▶ [RECORD EXCERPTS]
[Start of section]
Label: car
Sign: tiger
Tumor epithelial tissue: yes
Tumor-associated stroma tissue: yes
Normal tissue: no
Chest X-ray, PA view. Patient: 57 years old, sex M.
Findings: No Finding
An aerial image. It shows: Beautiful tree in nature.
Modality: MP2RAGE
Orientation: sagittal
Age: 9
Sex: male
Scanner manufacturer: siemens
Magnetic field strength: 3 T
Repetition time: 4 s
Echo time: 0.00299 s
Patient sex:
[End of section]
[Start of section]
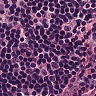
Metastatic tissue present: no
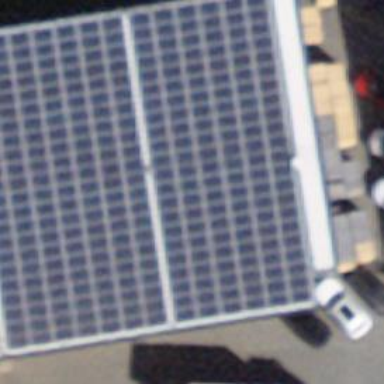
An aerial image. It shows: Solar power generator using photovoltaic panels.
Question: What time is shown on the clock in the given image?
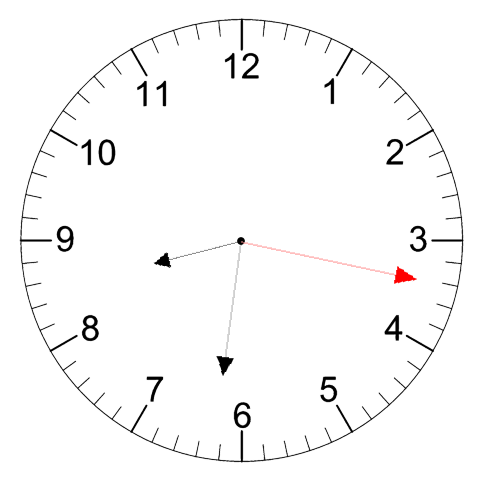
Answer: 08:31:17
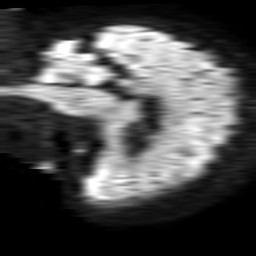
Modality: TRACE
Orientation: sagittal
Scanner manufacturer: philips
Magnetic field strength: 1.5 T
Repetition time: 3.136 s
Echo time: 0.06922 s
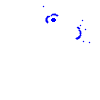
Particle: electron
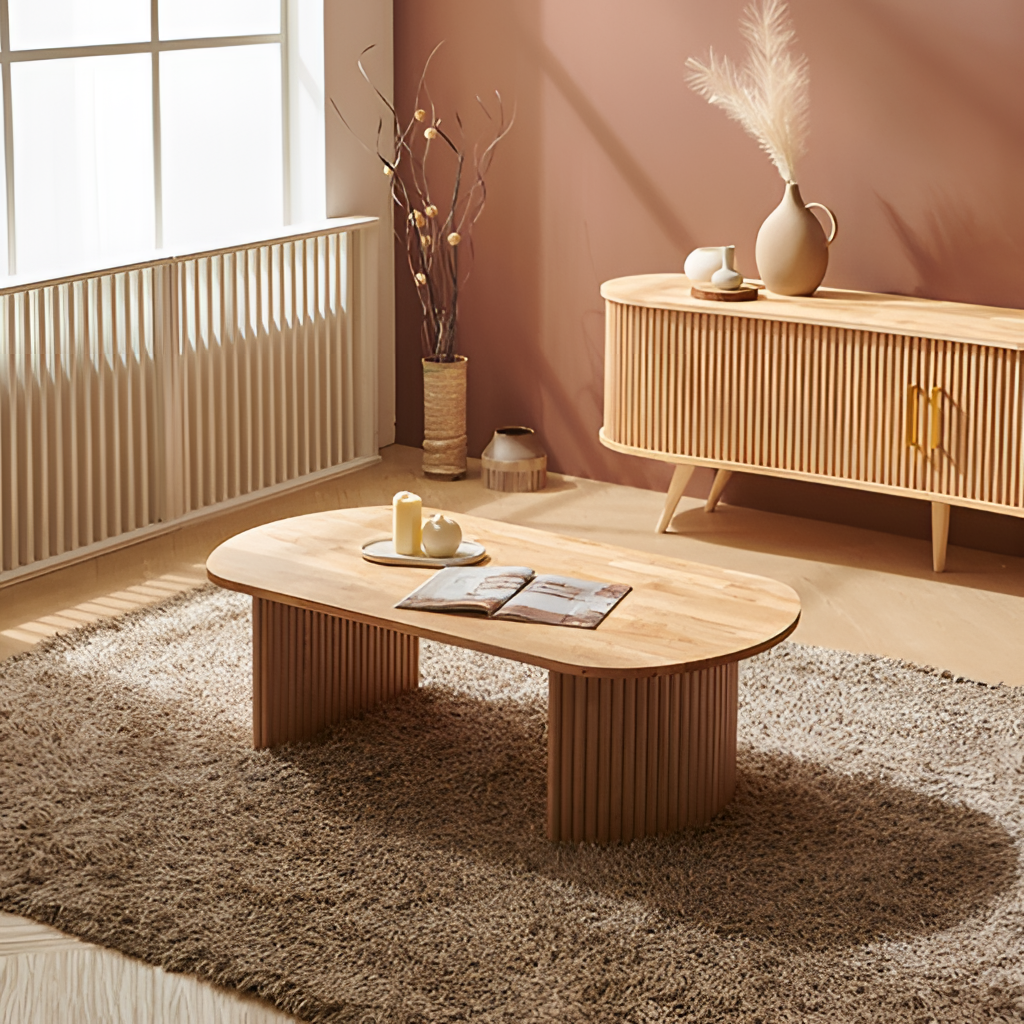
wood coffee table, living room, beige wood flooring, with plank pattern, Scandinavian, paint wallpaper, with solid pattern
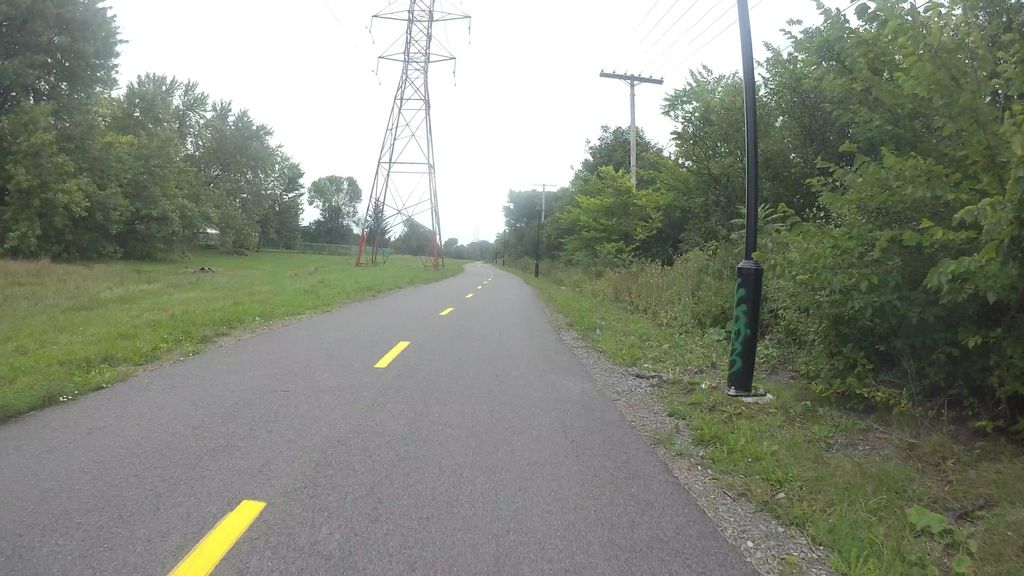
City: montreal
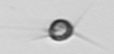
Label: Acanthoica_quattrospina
[End of section]
[Start of section]
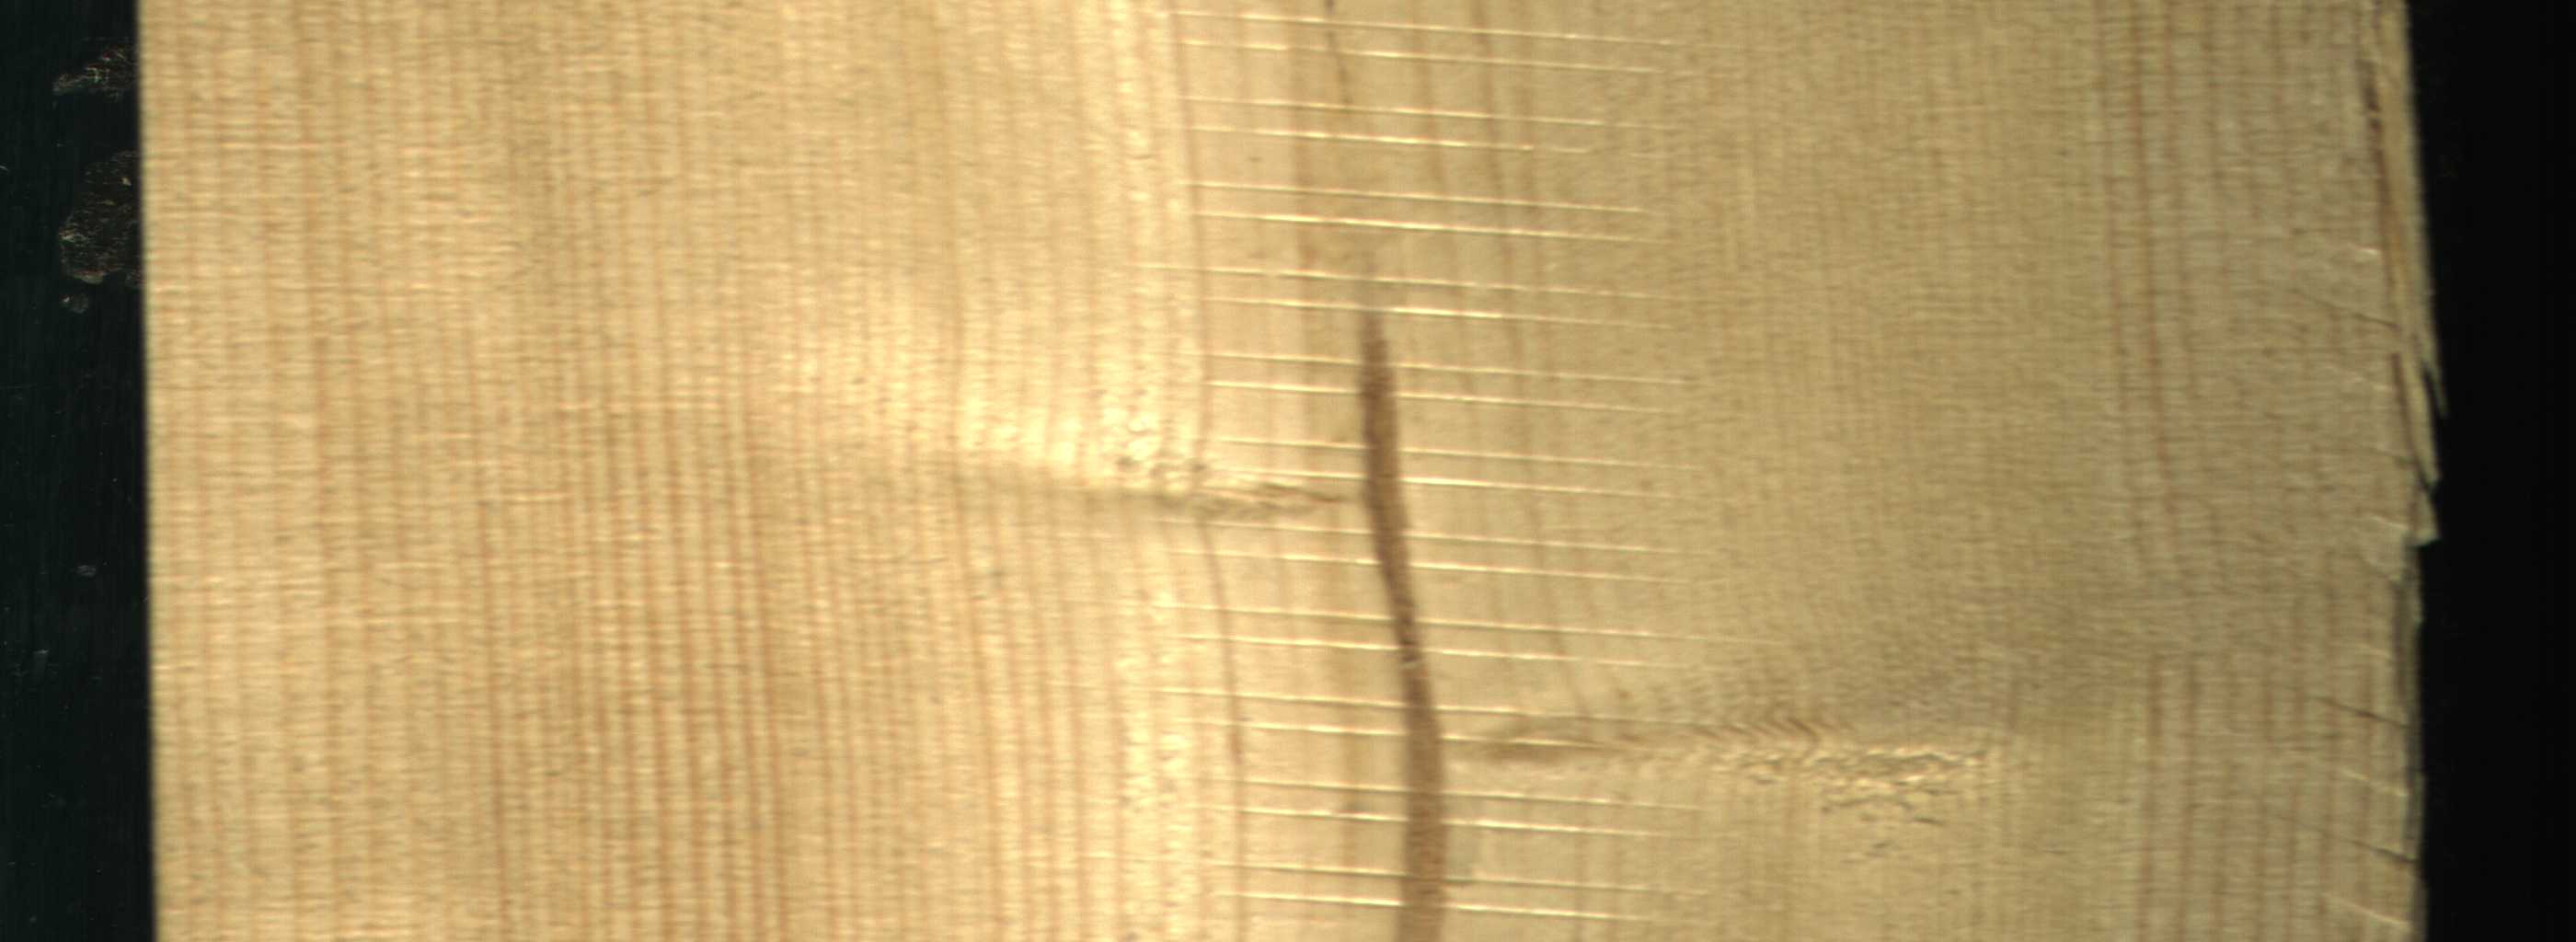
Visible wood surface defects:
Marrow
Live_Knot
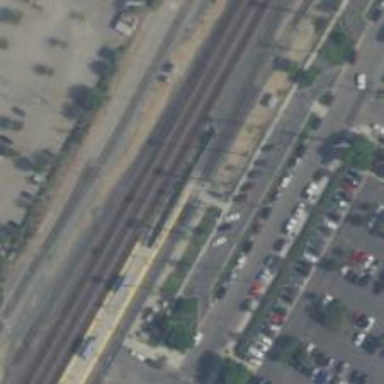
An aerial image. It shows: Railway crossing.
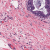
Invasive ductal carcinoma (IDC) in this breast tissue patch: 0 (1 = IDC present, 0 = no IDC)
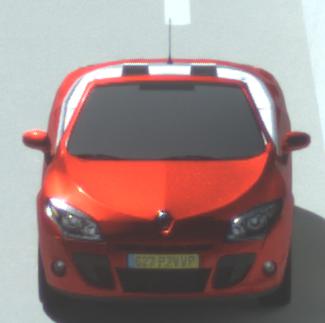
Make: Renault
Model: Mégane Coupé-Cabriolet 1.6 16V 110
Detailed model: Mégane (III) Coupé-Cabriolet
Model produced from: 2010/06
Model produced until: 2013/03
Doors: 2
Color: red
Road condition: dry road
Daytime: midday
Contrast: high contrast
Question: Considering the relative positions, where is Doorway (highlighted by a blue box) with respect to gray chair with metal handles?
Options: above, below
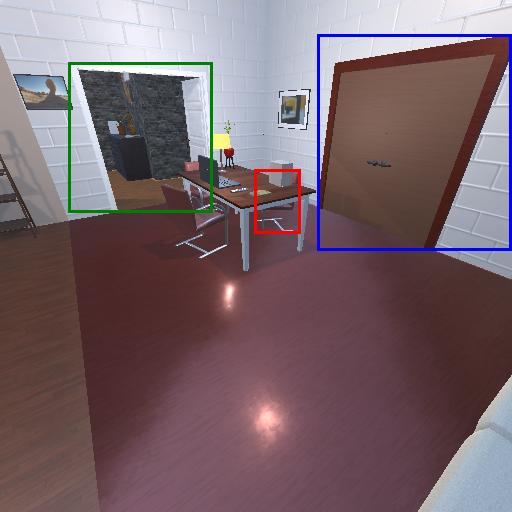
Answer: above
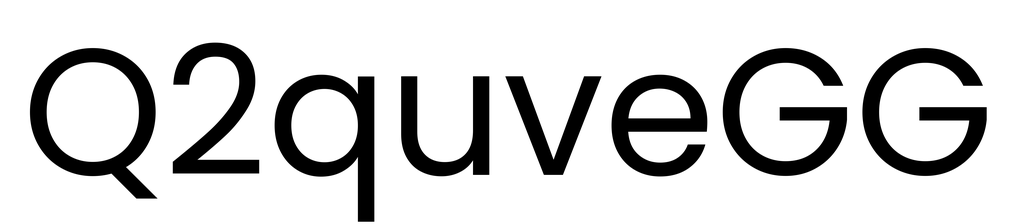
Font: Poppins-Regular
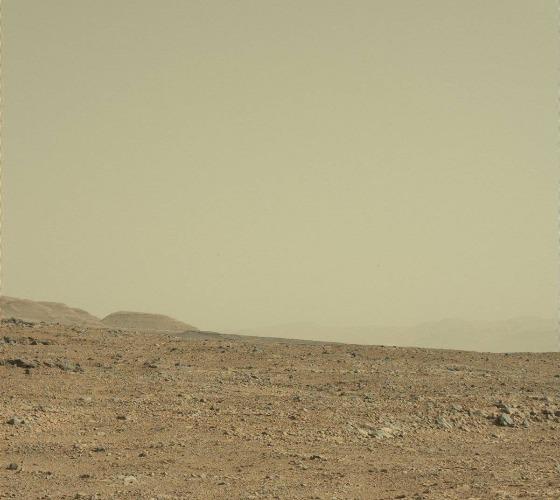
[End of section]
▶ [YOUR OBJECTIVE] Gather from the entries above all lines that include the string "image".

▶ [THE COMPLETED TASK]
An aerial image. It shows: Beautiful tree in nature.
An aerial image. It shows: Solar power generator using photovoltaic panels.
Question: What time is shown on the clock in the given image?
An aerial image. It shows: Railway crossing.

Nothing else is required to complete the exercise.